DATA PROVIDED:

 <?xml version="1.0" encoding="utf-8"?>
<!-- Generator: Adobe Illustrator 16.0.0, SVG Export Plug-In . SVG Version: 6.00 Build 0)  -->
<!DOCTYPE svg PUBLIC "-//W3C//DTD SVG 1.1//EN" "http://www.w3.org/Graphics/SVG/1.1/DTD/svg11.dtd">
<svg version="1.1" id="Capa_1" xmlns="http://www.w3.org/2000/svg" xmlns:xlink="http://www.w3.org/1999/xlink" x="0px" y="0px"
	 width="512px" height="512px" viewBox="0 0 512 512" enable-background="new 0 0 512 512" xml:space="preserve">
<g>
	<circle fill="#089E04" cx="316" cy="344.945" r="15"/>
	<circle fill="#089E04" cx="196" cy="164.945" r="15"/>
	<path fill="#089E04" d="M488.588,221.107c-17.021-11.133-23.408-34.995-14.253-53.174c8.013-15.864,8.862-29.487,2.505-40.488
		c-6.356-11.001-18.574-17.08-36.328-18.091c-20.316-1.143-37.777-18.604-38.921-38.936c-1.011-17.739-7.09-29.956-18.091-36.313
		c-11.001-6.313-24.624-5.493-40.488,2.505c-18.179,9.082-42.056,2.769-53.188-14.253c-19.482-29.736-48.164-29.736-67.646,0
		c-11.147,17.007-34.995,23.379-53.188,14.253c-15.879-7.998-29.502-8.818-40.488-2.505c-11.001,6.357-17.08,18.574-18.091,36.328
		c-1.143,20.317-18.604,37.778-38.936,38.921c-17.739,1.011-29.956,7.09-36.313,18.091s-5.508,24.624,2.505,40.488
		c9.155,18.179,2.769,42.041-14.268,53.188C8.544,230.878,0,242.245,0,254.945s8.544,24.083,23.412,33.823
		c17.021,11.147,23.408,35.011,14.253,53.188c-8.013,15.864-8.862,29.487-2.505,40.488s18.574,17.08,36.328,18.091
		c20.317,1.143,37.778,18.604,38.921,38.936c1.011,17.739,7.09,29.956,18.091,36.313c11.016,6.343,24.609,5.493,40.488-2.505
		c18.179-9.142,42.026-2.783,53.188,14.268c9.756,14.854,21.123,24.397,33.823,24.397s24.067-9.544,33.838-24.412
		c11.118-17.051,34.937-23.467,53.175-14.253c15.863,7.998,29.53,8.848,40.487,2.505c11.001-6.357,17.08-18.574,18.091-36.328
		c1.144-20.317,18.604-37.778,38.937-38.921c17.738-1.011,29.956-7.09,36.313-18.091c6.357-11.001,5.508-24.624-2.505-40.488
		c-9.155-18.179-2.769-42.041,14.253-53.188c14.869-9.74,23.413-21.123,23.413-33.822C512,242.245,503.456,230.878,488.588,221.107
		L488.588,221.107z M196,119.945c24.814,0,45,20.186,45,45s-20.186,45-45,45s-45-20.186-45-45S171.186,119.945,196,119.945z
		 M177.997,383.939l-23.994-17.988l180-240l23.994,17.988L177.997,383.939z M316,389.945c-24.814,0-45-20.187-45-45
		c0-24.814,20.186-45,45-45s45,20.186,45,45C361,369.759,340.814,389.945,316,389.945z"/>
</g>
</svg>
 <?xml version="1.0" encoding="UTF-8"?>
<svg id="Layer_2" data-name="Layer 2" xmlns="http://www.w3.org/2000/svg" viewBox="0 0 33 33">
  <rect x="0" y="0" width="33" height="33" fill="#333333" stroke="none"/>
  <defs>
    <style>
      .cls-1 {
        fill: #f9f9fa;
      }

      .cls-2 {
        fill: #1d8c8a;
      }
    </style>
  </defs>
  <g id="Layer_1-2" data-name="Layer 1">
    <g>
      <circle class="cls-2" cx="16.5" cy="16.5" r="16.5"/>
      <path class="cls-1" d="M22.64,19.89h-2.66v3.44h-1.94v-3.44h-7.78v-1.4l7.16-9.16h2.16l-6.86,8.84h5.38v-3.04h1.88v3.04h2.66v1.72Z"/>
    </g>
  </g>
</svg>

WHAT THE TASK ASKS: Scan the records for the string "viewBox" and show every line that contains it.

REPLY TO THE EXERCISE:
	 width="512px" height="512px" viewBox="0 0 512 512" enable-background="new 0 0 512 512" xml:space="preserve">
<svg id="Layer_2" data-name="Layer 2" xmlns="http://www.w3.org/2000/svg" viewBox="0 0 33 33">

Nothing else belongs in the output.